Erst knackten die Hacker die US-Sicherheitsfirma Stratfor. Jetzt landeten die Daten im Internet. Und schon droht der nächste Angriff.
Washington. Nach ihrem Cyberangriff auf renommierte US-Sicherheitsberater hat die Hackerorganisation „Anonymus“ nach eigenen Angaben gewaltige Mengen Kundendaten ins Netz gestellt. Die lose organisierte Gruppe veröffentlichte in der Nacht zum Sonnabend Links, die zu 75.000 Namen, Adressen, Kreditkartennummern und Passwörtern von Kunden des Unternehmens Stratfor führen sollen.
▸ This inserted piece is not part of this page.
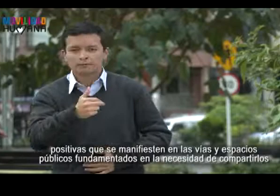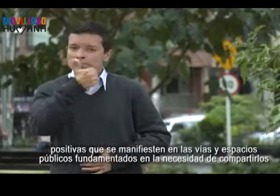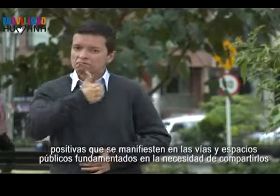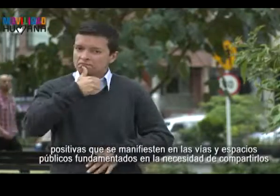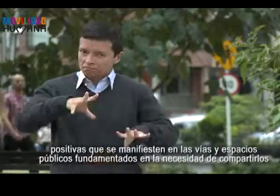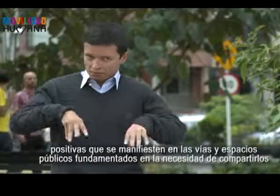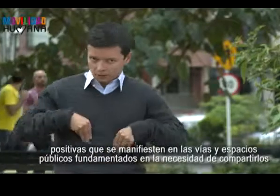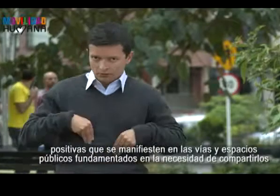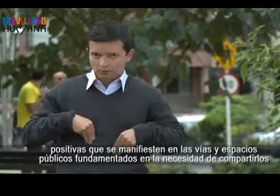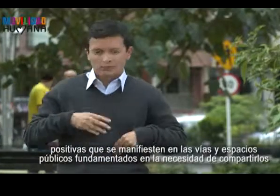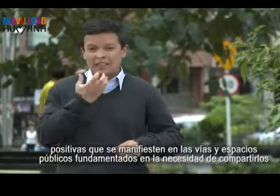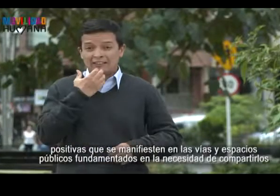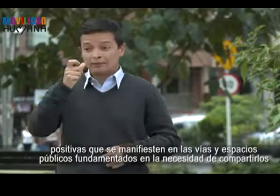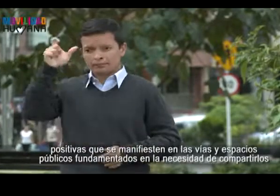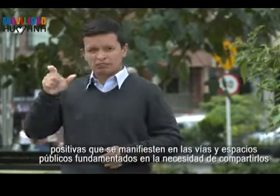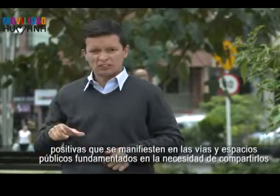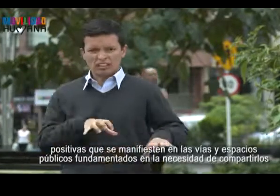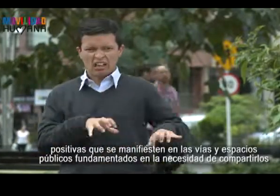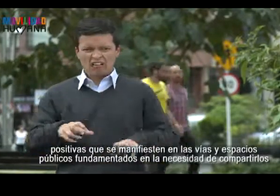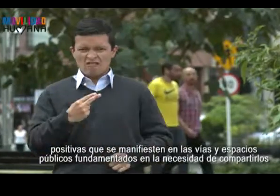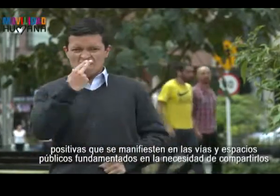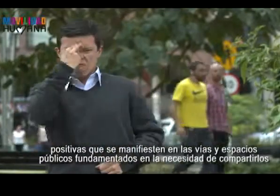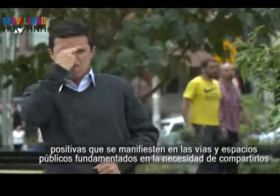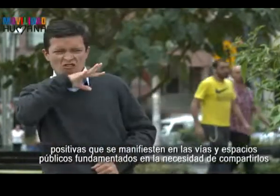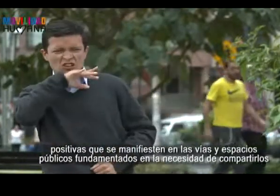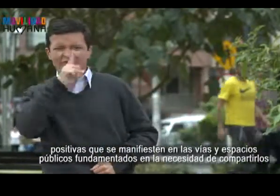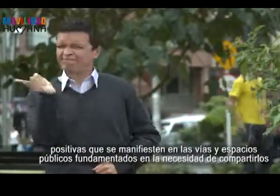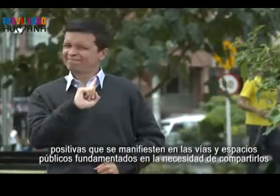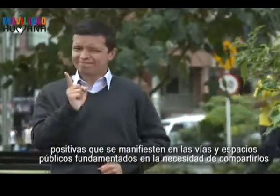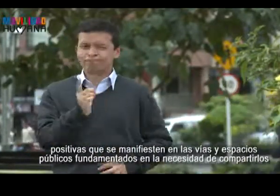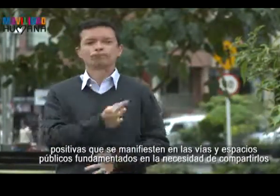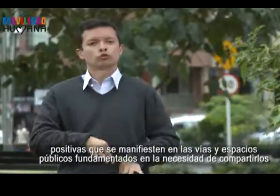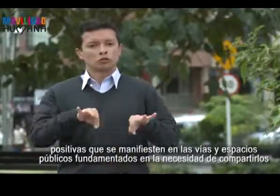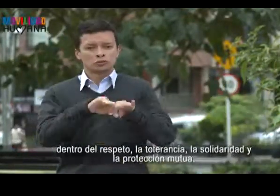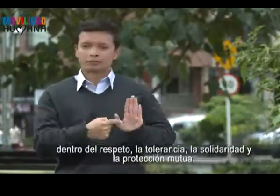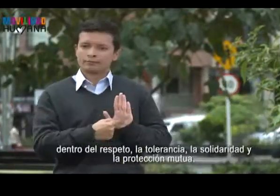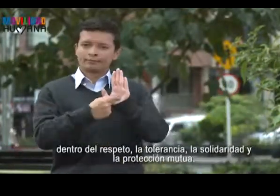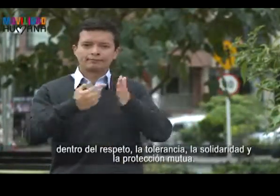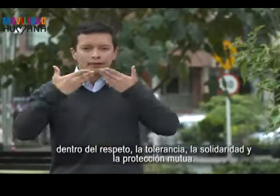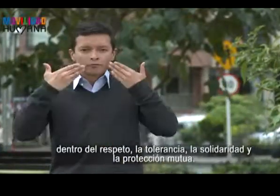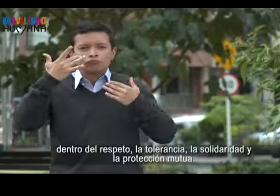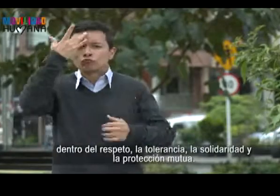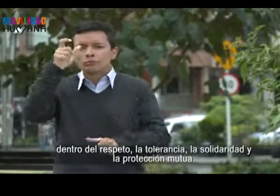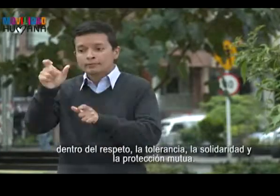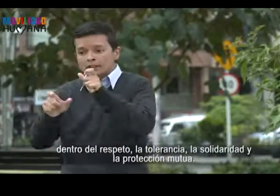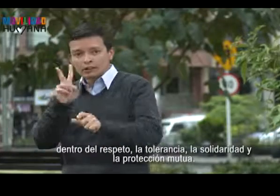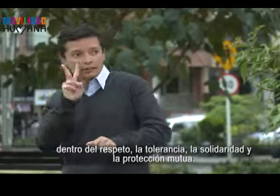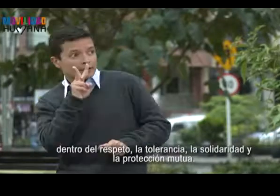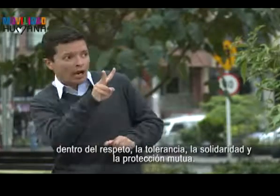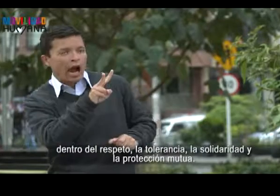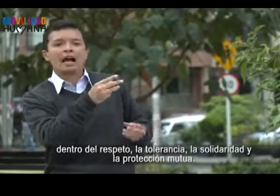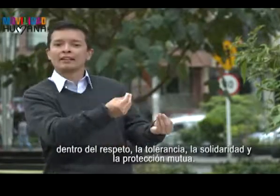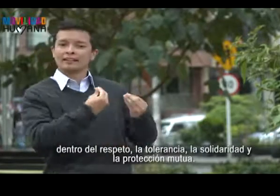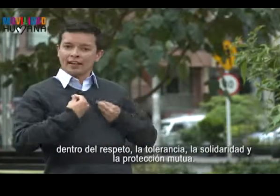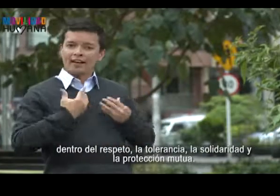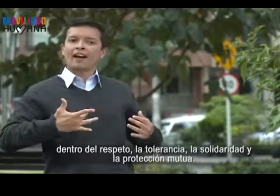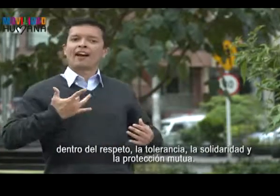espacios públicos fundamentados en la necesidad de compartirlos dentro del respeto, la tolerancia, la

In der Mitteilung kündigt die Gruppe weitere Cyberattacken für die Silvesternacht an.
Zudem seien 860 000 Benutzernamen und E-Mail-Adressen von allen Personen aufgelistet, die sich je auf der Firmenseite registrieren ließen. 50 000 dieser Adressen endeten auf „.mil“ oder „.gov“ - Endungen, die in den USA von Militärpersonal und Regierungsbeamten verwendet werden. Mehrere Stunden nach der Erklärung waren die Inhalte, die sich unter den Links finden sollten, bereits gelöscht.
„Wir rufen alle verbündeten Schlachtschiffe, alle Armeen der Dunkelheit auf, diese Passwort-Listen und Kreditkarteninformationen zu nutzen und zu missbrauchen“, heißt es in der Mitteilung. Ziel sei „unheiliges Chaos über die Systeme und persönlichen E-Mail-Konten dieser reichen und mächtigen Unterdrücker zu bringen“.
Die Gruppe bezieht sich auch ausdrücklich auf den mutmaßlichen Wikileaks-Informanten Bradley Manning, der in Haft sitzt und dem die Militärjustiz den Prozess machen will. „Wollt ihr ihn noch immer lebenslang einsperren? Denkt ihr noch immer, wir machen nur Spaß? Das ist in Ordnung. Es sind genug Worte gefallen.“
Auf seiner Facebook-Seite bedauerte Stratfor in der Nacht zum Sonnabend, dass der Diebstahl möglich war. Das Unternehmen bestätigte darin, dass unter den Informationen Kreditkartenangaben von zahlenden Kunden und die E-Mail-Adressen von Personen sind, die Gratisinformationen erhielten. „Wir möchten unseren Kunden und Freunden versichern, dass es sich dabei nicht um eine neue Cyberattacke handelt, sondern um Informationen, die bei einem früheren Eindringen in das System gestohlen worden waren.“
Die Hackergruppe kündigte derweil an, schon in der Silvesternacht erneut zuzuschlagen. „Von Küste zu Küste“ werde man eine Reihe amerikanischer Sicherheits- und Justizbehörden ins Visier nehmen. Es werde „Proteste des Lärms“ vor Gefängnissen überall auf der Welt geben, „um Solidarität mit all jenen zu zeigen, die eingesperrt sind“.
Nach der Attacke gegen Stratfor – die Wortschöpfung steht für Strategic Forecasting (Strategische Vorhersagen) – berichteten Kunden über Überweisungen in ihrem Namen an wohltätige Organisationen. Zunächst hatte es Zweifel gegeben, ob tatsächlich Anonymus hinter der Attacke steckte oder Splittergruppen oder Trittbrettfahrer.
Die Anonymous-Bewegung setzt sich für den freien Datenfluss, Redefreiheit und gegen Zensur ein. Unter dem Decknamen starteten Aktivisten schon zahlreiche Angriffe auf Banken, Kreditaktenfirmen, oder auch auf staatliche Einrichtungen. Die Hacker-Vereinigung ist aber nur locker organisiert; im Prinzip kann jeder sich für sie ausgeben, ohne dass das Gegenteil bewiesen werden kann.